Lindsey stresses though, that there is no magic formula to wipe ACL tears off the map, especially for females whose Q-angle—how the hips relate to the knees—and other subtle factors make them more likely to put strain on their knees and ACL ligaments.

“This is a reduction program. It’s not like we can prevent every injury from happening. But you can reduce the likelihood of these injuries.”
***
Jordan Angeli is 31 now. She hopes to get back to running soon, but not just yet. She is also trying to build back the left side of her body. That’s the side that endured three ACL tears and recoveries but in the process, some other areas became neglected. She knows now that she will never play a senior national team match or make it to a senior World Cup. But she still may get a moment down the road.
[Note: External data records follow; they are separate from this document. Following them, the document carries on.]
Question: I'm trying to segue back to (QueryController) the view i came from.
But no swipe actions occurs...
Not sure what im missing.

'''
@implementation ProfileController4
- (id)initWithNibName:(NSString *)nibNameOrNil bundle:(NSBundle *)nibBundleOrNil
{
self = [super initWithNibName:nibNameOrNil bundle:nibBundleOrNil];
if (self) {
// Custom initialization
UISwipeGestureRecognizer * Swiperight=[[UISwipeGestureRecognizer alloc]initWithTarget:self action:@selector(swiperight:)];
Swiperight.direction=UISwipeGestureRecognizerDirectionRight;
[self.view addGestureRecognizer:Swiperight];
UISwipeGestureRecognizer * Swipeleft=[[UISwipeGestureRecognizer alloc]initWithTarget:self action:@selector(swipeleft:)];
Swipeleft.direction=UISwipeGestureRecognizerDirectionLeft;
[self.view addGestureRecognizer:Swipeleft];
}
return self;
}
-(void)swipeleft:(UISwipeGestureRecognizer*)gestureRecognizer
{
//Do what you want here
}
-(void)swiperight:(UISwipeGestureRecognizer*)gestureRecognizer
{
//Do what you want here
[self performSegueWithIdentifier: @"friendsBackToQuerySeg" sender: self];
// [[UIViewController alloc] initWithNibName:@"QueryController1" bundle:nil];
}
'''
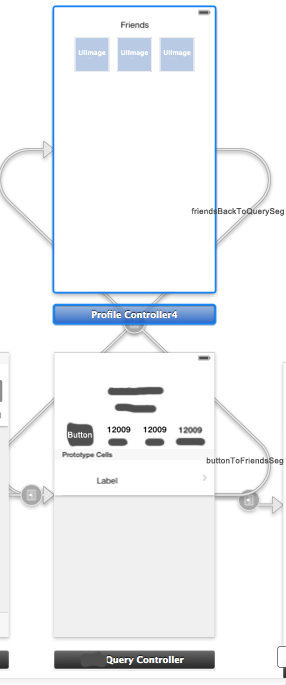
Answer: Add your 'UISwipeGestureRecognizer' code in 'viewDidLoad' Method..
'''
- (void)viewDidLoad
{
[super viewDidLoad];
UISwipeGestureRecognizer * Swiperight=[[UISwipeGestureRecognizer alloc]initWithTarget:self action:@selector(swiperight:)];
Swiperight.direction=UISwipeGestureRecognizerDirectionRight;
[self.view addGestureRecognizer:Swiperight];
UISwipeGestureRecognizer * Swipeleft=[[UISwipeGestureRecognizer alloc]initWithTarget:self action:@selector(swipeleft:)];
Swipeleft.direction=UISwipeGestureRecognizerDirectionLeft;
[self.view addGestureRecognizer:Swipeleft];
}
'''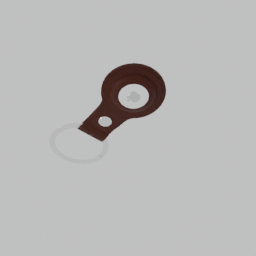
Label: electronics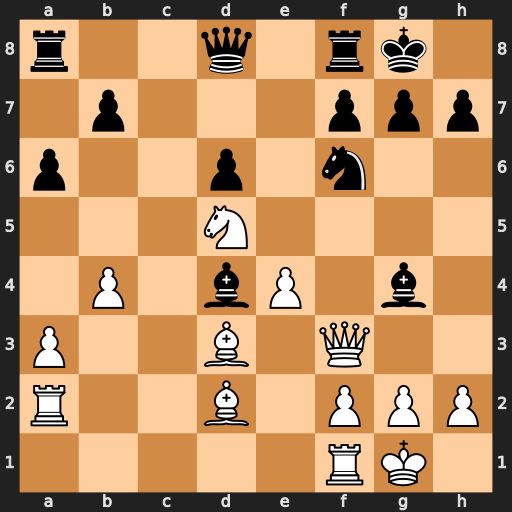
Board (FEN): r2q1rk1/1p3ppp/p2p1n2/3N4/1P1bP1b1/P2B1Q2/R2B1PPP/5RK1
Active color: w
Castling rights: -
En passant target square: -
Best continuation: Nxf6+ Qxf6 Qxg4 Qe6 Qxe6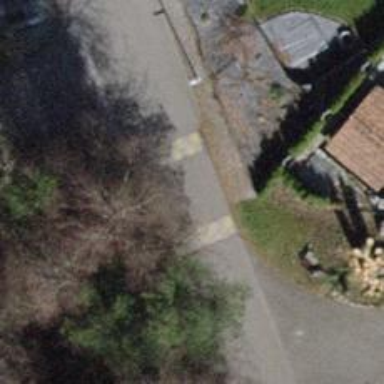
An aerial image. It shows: Traffic calming table.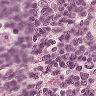
Metastatic tissue present: yes
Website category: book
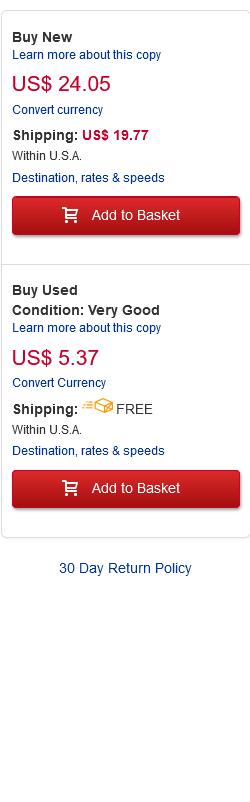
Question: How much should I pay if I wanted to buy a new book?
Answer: US$ 24.05

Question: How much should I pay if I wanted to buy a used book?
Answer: US$ 5.37

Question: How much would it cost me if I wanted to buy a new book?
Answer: US$ 24.05

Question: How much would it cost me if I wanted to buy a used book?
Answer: US$ 5.37

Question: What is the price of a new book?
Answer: US$ 24.05

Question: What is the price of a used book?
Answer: US$ 5.37

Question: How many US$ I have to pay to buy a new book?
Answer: US$ 24.05

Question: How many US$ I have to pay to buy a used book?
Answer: US$ 5.37

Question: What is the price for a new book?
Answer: US$ 24.05

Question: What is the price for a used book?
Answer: US$ 5.37

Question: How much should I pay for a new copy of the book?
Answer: US$ 24.05

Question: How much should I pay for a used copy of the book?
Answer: US$ 5.37

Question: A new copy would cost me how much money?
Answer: US$ 24.05

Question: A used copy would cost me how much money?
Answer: US$ 5.37

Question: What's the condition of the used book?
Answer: Very Good

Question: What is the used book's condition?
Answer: Very Good

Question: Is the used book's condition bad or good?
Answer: Very Good

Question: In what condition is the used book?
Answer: Very Good

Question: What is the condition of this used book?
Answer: Very Good

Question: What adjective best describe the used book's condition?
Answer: Very Good

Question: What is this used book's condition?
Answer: Very Good

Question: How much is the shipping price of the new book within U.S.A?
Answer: US$ 19.77

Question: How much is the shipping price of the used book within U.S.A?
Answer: FREE

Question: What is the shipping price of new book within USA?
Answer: US$ 19.77

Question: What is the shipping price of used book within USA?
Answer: FREE

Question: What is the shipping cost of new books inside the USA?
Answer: US$ 19.77

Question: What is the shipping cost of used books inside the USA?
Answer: FREE

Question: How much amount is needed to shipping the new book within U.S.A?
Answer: US$ 19.77

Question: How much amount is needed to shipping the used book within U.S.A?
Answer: FREE

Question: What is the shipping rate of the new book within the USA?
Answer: US$ 19.77

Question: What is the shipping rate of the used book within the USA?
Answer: FREE

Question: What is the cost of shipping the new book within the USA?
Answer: US$ 19.77

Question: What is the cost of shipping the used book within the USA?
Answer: FREE

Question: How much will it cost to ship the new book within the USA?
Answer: US$ 19.77

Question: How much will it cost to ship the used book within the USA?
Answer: FREE
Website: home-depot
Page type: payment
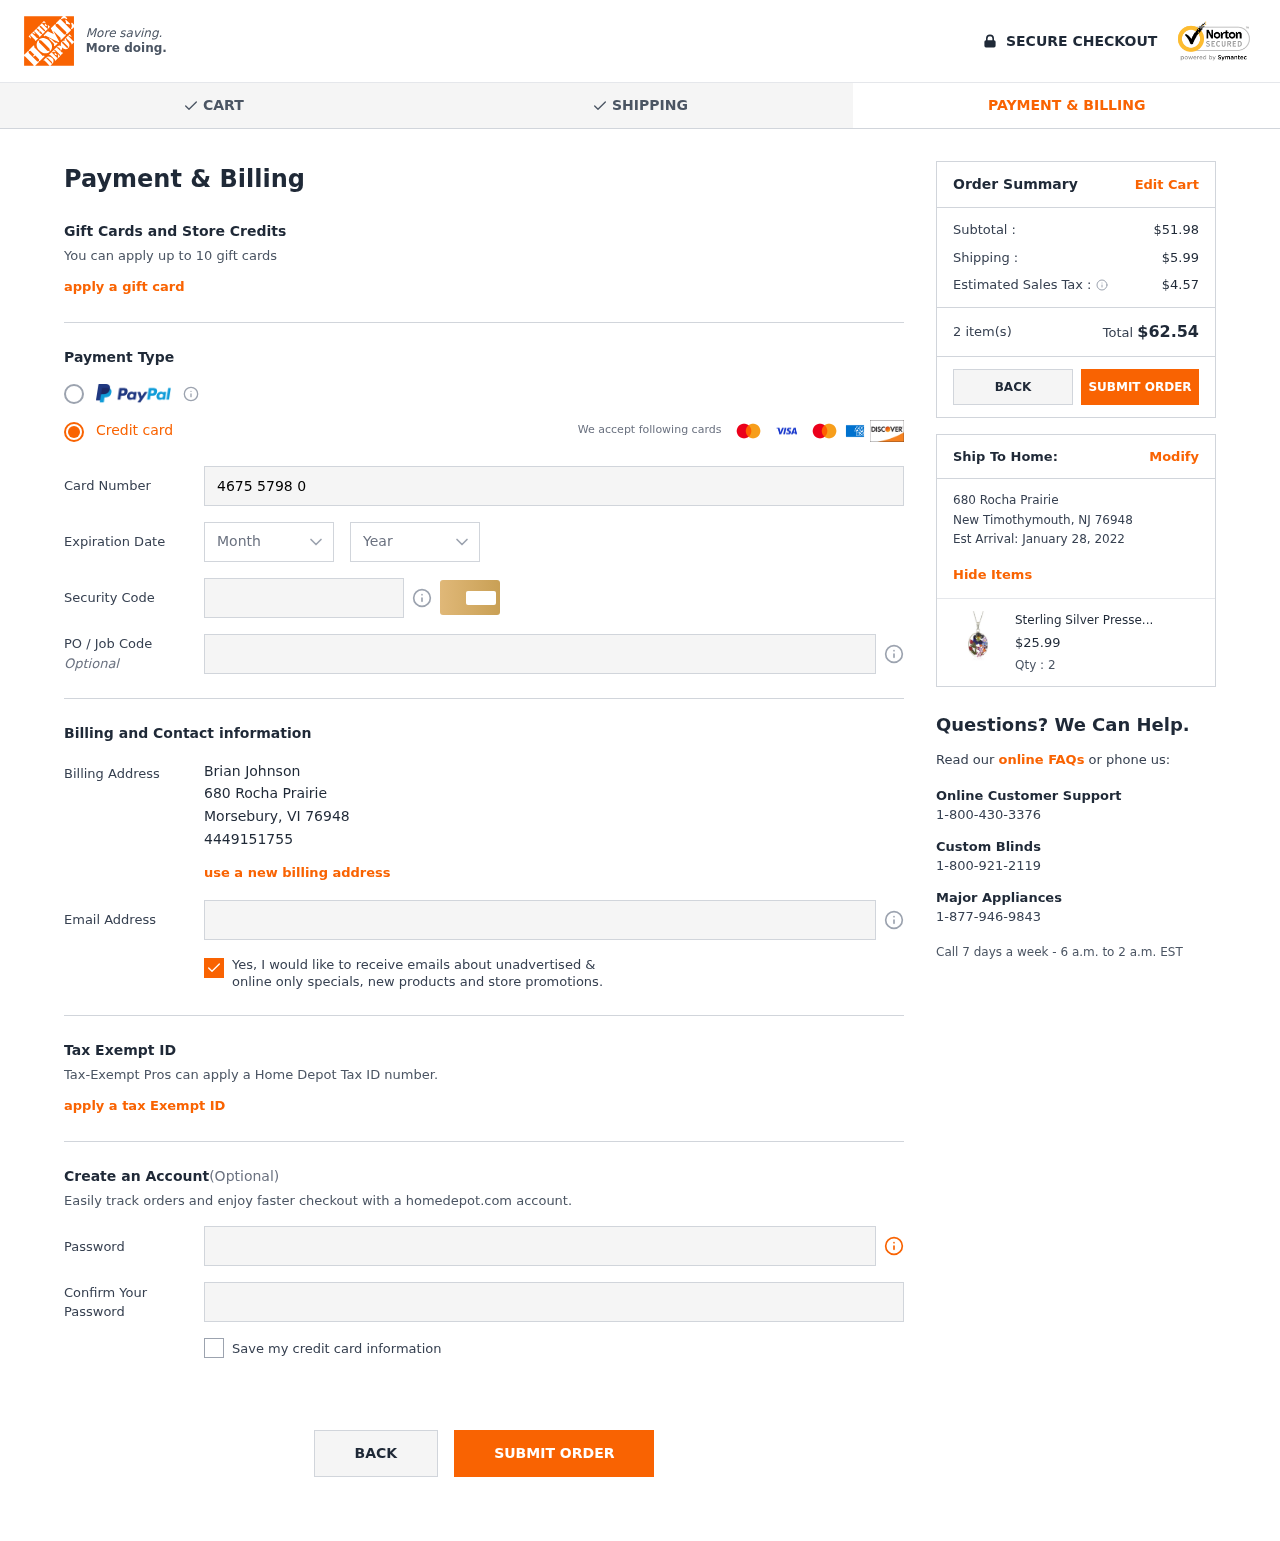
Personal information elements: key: PII_CARD_CVV
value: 533
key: PII_CARD_EXPIRY_MONTH
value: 12
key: PII_CARD_EXPIRY_YEAR
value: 26
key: PII_CARD_NUMBER
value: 4675 5798 0472 4135
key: PII_CITY
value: Morsebury
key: PII_CITY2
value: New Timothymouth
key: PII_EMAIL
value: brianjohnson@yahoo.com
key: PII_FULLNAME
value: Brian Johnson
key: PII_JOB_CODE
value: WO-552455
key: PII_PHONE
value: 4449151755
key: PII_POSTCODE
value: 76948
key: PII_POSTCODE2
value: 76948
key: PII_STATE_ABBR
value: VI
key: PII_STATE_ABBR2
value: NJ
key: PII_STREET
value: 680 Rocha Prairie
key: PII_STREET2
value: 680 Rocha Prairie
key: PII_POSTCODE_FULL
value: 76948
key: PII_POSTCODE_NUMERIC
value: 76948
Product elements: key: PRODUCT1_NAME
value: Sterling Silver Pressed Flower Oval Pendant Necklace, 18"
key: PRODUCT1_PRICE
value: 25.99
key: PRODUCT1_QUANTITY
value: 2
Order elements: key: ORDER_SUBTOTAL
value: $51.98
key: ORDER_SHIPPING_COST
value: $5.99
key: ORDER_TAX
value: $4.57
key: ORDER_NUM_ITEMS
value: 2 item(s)
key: ORDER_TOTAL
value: $62.54
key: ORDER_DELIVERY_DATE
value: January 28, 2022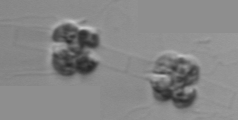
Label: Leptocylindrus_mediterraneus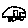
Label: car
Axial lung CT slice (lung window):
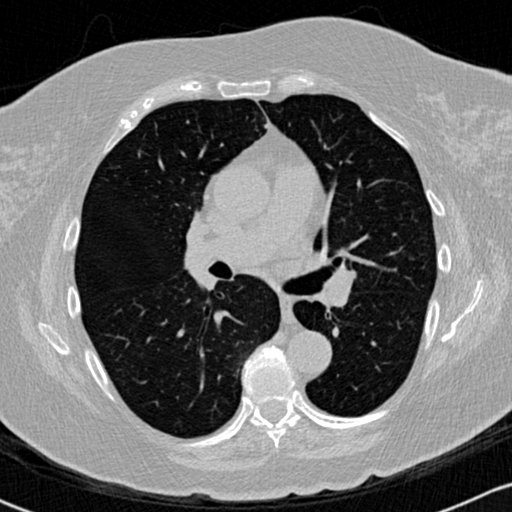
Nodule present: no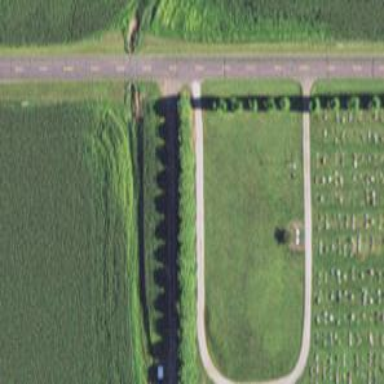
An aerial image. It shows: Cemetery.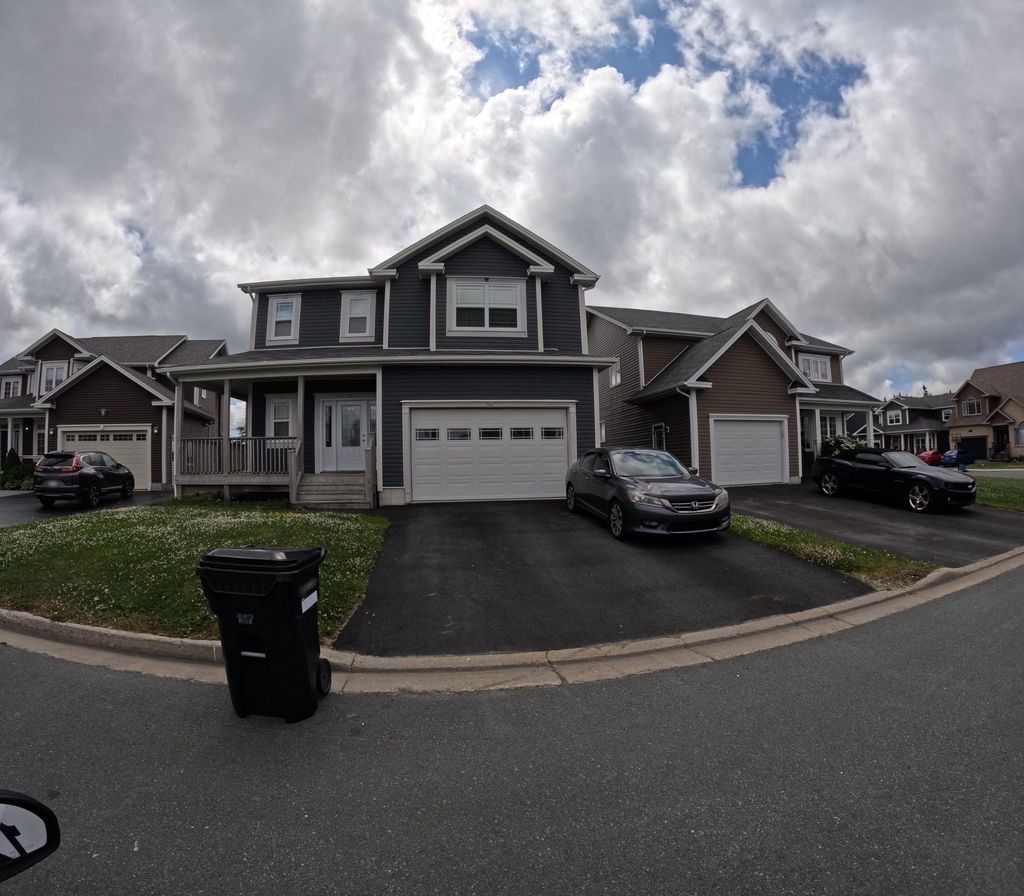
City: st_johns

{ANGELI: A stop along Jordan Angeli’s 3rd ACL rehabilitation process}

“Of course I get upset about that. Like right now it brings tears to my eyes. I also feel like maybe it just wasn’t my plan. I thought it was my plan all along, and I literally did everything I could have done to get there. When I got there for the two camps—it’s cool that I can say that I was a member of the national team pool and I was in camp. Is it easy to swallow that I didn’t make it to where I wanted to? Of course not.

“But I also feel like maybe in what I’m doing now, maybe I’ll help that kid who’s in college and tears their ACL for the first time and takes 12 months to recover and really, really embrace the opportunities they have to get better on a physical and mental and emotional level, and they do make it to the national team and they don’t tear their ACL two more times. If I could help some other people achieve their goals, I think that could be just as cool.”